F.3d 47, 55 (1st Cir. 2011), the government argues in its

supplemental brief that both of the residual clause's mechanisms

apply here and that either one independently justifies the career

offender enhancement. According to the government, the robbery

offense at issue--defined as theft that includes inflicting bodily

injury, threatening another with immediate bodily injury, or

intentionally putting another in fear of immediate bodily

injury--"involves conduct that presents a serious potential risk

of physical injury to another," U.S.S.G. § 4B1.2(a)(2), either

because the robber may inflict such injury, or because those

perceiving the robber's actions may respond in a way that risks

such injury. That definition of robbery also substantially

- 10 - corresponds to the definition of generic robbery, says the

government, because both definitions involve the taking of

property by force or by intimidation.
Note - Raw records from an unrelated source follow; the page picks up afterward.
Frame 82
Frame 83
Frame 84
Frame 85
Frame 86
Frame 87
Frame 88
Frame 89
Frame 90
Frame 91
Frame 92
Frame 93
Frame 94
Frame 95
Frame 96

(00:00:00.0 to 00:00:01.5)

The government's arguments

are well-taken, as evidenced by the fact that, apart from Ball's

waiver argument, he can marshal in the supplemental brief filed by

his able counsel no persuasive refutation of the government's

position.

As to the first possibility, that 18 Pa. Cons. Stat.

§ 3701(a)(1)(iv) qualifies as a crime of violence because it

"involves conduct that presents a serious potential risk of

physical injury to another," U.S.S.G. § 4B1.2(a)(2), Ball puts

forward only a bald assertion that "[f]ear does not equate to a

potential risk of physical injury." The correctness of this

assertion hardly seems self-evident. To the contrary, it seems

quite reasonable to posit that, in the ordinary case,

"intentionally put[ting] [another] in fear of immediate bodily

injury,“ 18 Pa. Cons. Stat. § 3701(a)(1)(iv), poses ”a serious

potential risk of physical injury to another," U.S.S.G.
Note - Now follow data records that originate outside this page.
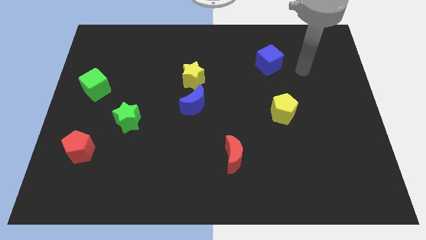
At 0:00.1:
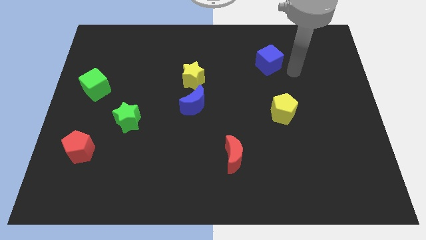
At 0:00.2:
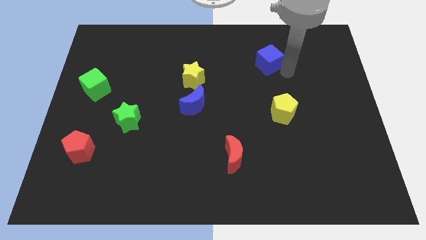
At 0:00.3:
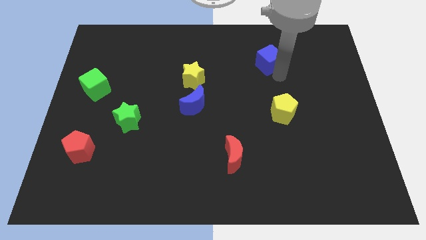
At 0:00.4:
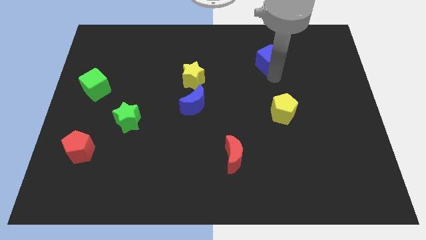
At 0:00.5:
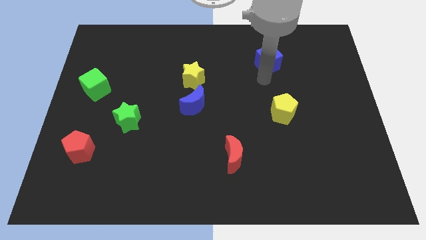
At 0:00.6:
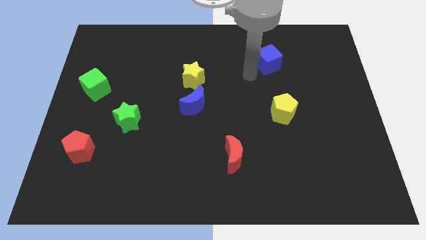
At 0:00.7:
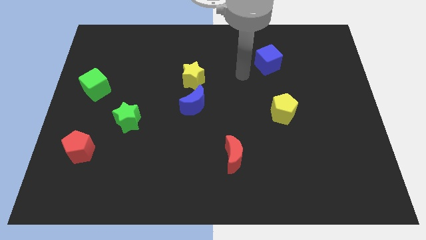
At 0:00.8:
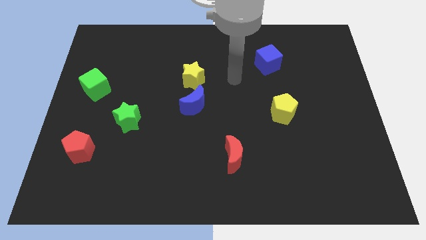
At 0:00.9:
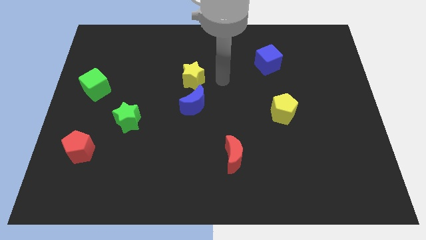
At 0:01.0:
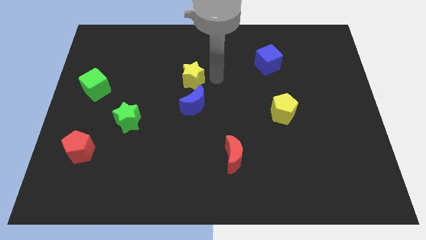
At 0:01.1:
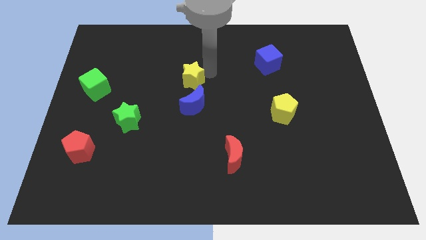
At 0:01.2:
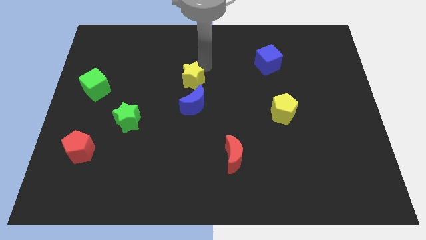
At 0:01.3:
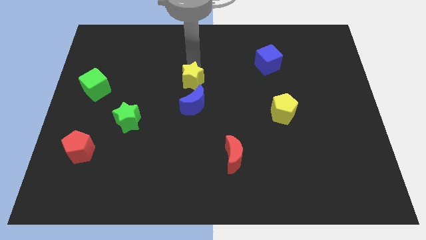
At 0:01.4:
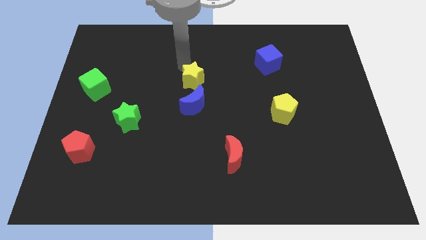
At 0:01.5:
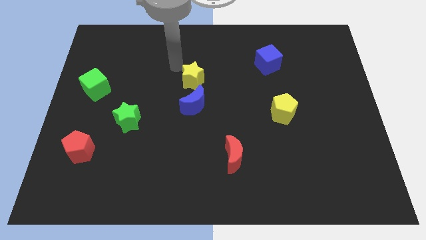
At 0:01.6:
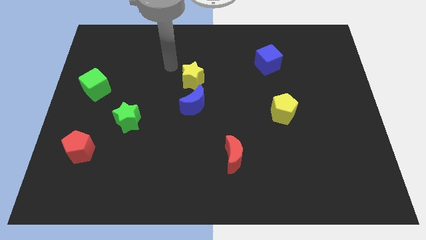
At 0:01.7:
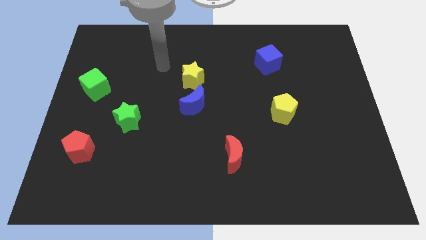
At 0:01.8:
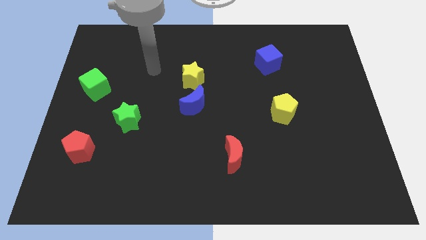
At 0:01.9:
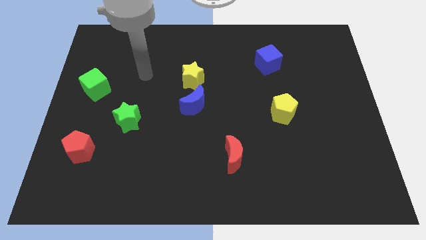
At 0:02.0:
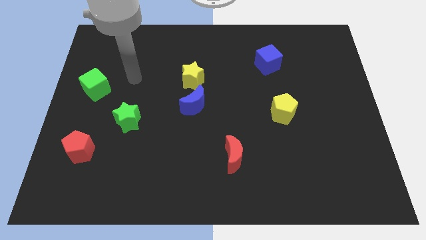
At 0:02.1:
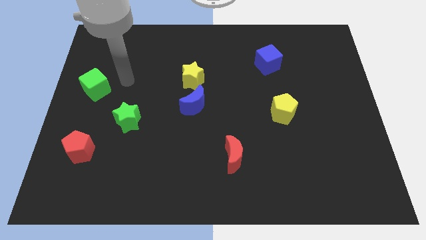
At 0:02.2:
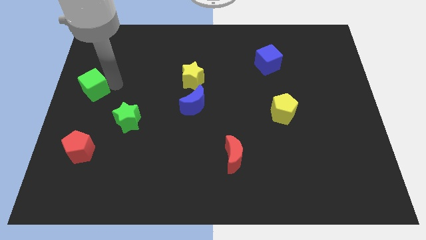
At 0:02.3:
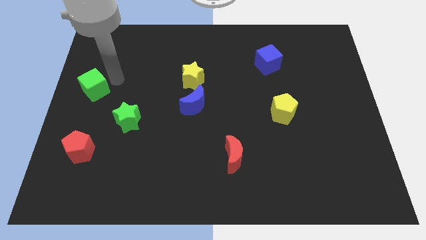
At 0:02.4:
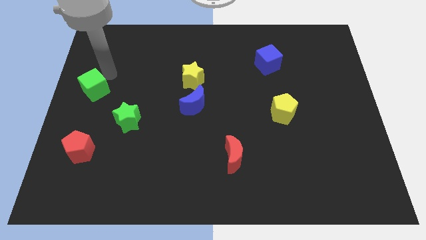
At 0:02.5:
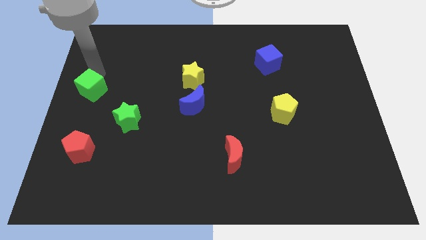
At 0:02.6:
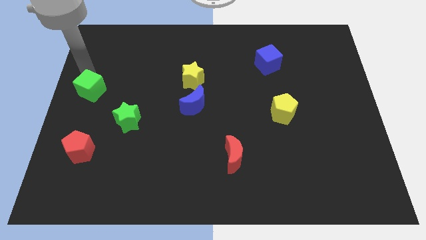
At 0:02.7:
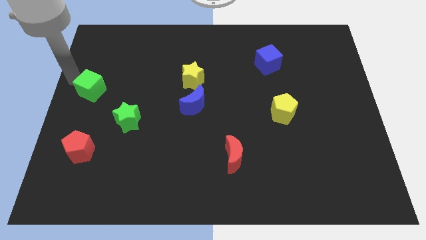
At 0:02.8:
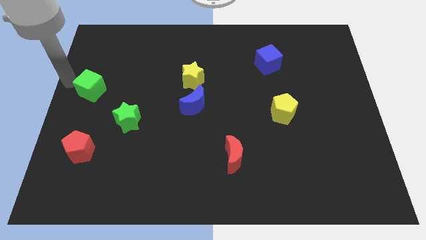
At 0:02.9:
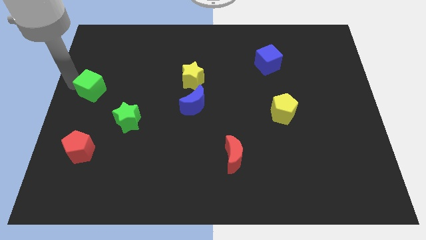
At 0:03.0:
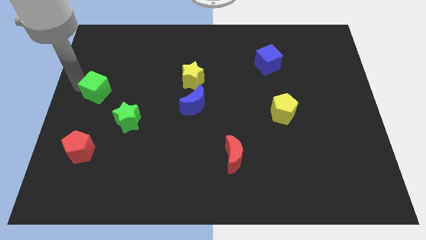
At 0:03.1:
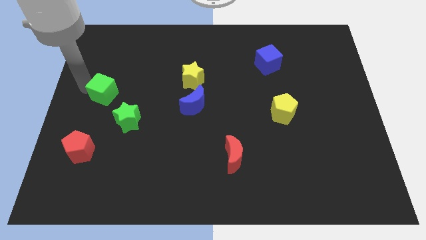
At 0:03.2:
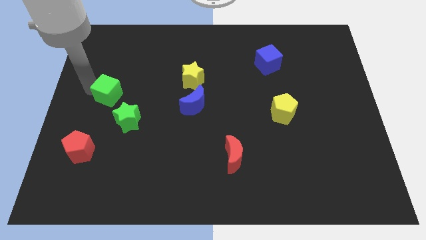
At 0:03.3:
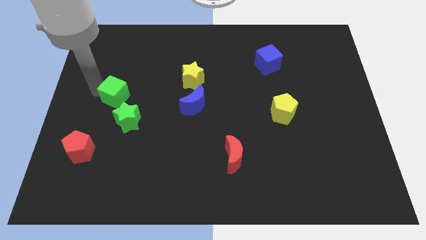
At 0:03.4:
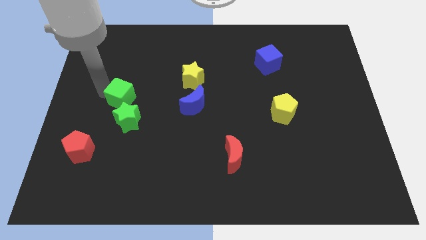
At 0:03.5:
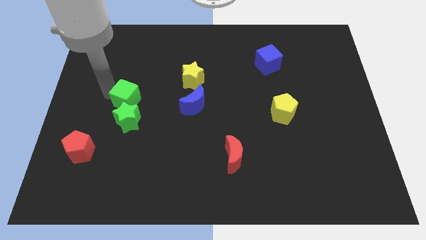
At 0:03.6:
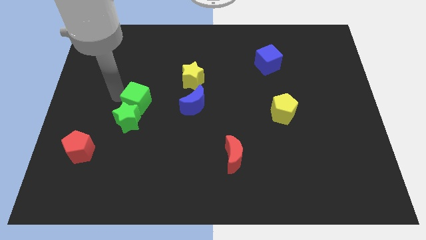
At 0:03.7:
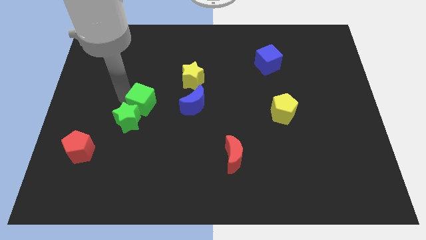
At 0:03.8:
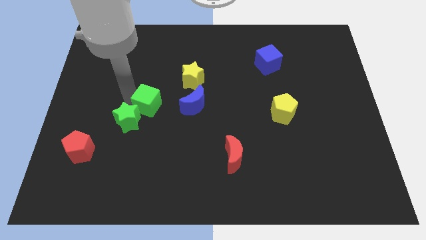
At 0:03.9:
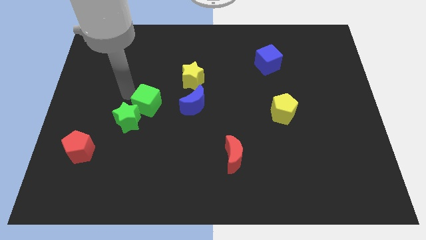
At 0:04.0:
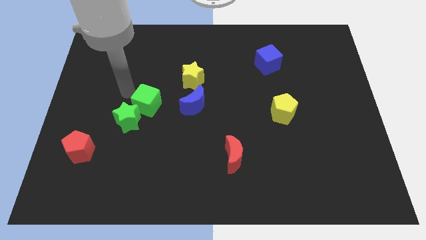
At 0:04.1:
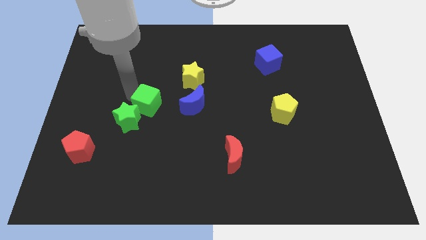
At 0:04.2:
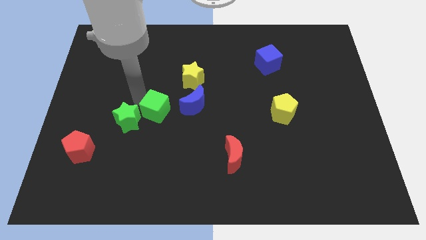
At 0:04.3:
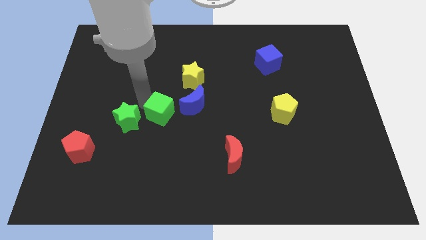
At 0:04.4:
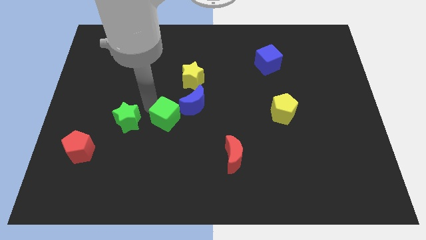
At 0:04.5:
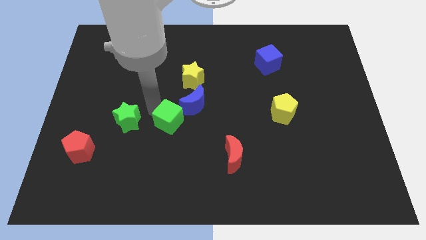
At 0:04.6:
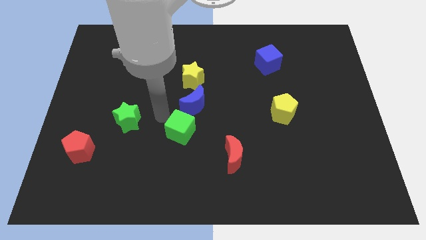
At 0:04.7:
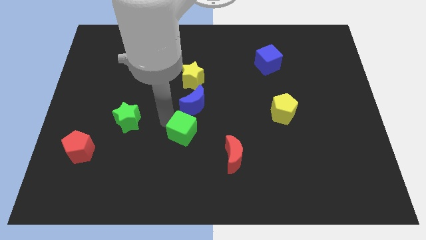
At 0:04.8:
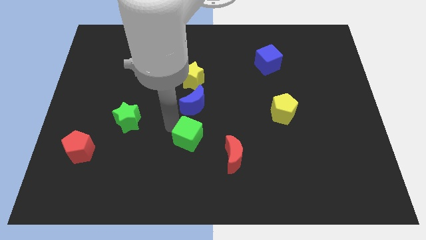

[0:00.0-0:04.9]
push the green cube to the top left side of the red moon

§ 4B1.2(a)(2). See Wurie, 2017 WL 3392673, at –5 (citing James

v. United States, 550 U.S. 192, 208 (2007), overruled on other

grounds by Johnson, 135 S. Ct. 2551).

As to the second possibility we outlined in our order,

that 18 Pa. Cons. Stat. § 3701(a)(1)(iv) qualifies as a crime of

violence because it substantially corresponds to the definition of

- 11 - generic robbery, Ball offers little more. He agrees with the

government that generic robbery involves a taking by force or by

intimidation, and then claims that "[a] taking based on intentional

fear of immediate bodily injury is non-generic." Under the generic

definition accepted by both parties, the robbery statute at issue

is clearly compatible. Pennsylvania law recognizes that a

defendant can commit robbery in violation of the statute not only

through force but also through "aggressive actions that

threaten . . . bodily injury." Commonwealth v. Hurd, 407 A.2d

418, 420 (Pa. Super. Ct. 1979); see, e.g., Commonwealth v. Swartz,

484 A.2d 793, 793–94 (Pa. Super. Ct. 1984); Commonwealth v. Davis,

459 A.2d 1267, 1272 (Pa. Super. Ct. 1983). To the extent that

Pennsylvania's definition of the offense at issue differs from the

generic definition in any way, Pennsylvania's definition would

appear to be narrower in the sense that it defines the offense in

terms of “bodily injury.” See United States v. Lockley, 632 F.3d

1238, 1243–45 (11th Cir. 2011) (rejecting that distinction as basis

for finding that robbery offense at issue was not generic). This

presents "no problem, because the conviction necessarily implies

that the defendant has been found guilty of all the elements of

[the generic offense]." Taylor, 495 U.S. at 599. So for this

reason alone, Ball fails in his attempt to parry the government's

argument that the career offender enhancement applies.

- 12 - IV.

For the foregoing reasons, we find more compelling the

government's argument that Ball's prior conviction for robbery

under 18 Pa. Cons. Stat. § 3701(a)(1)(iv) falls within the career

offender guideline's residual clause in the 2015 Guidelines

Manual. We therefore affirm Ball's sentence.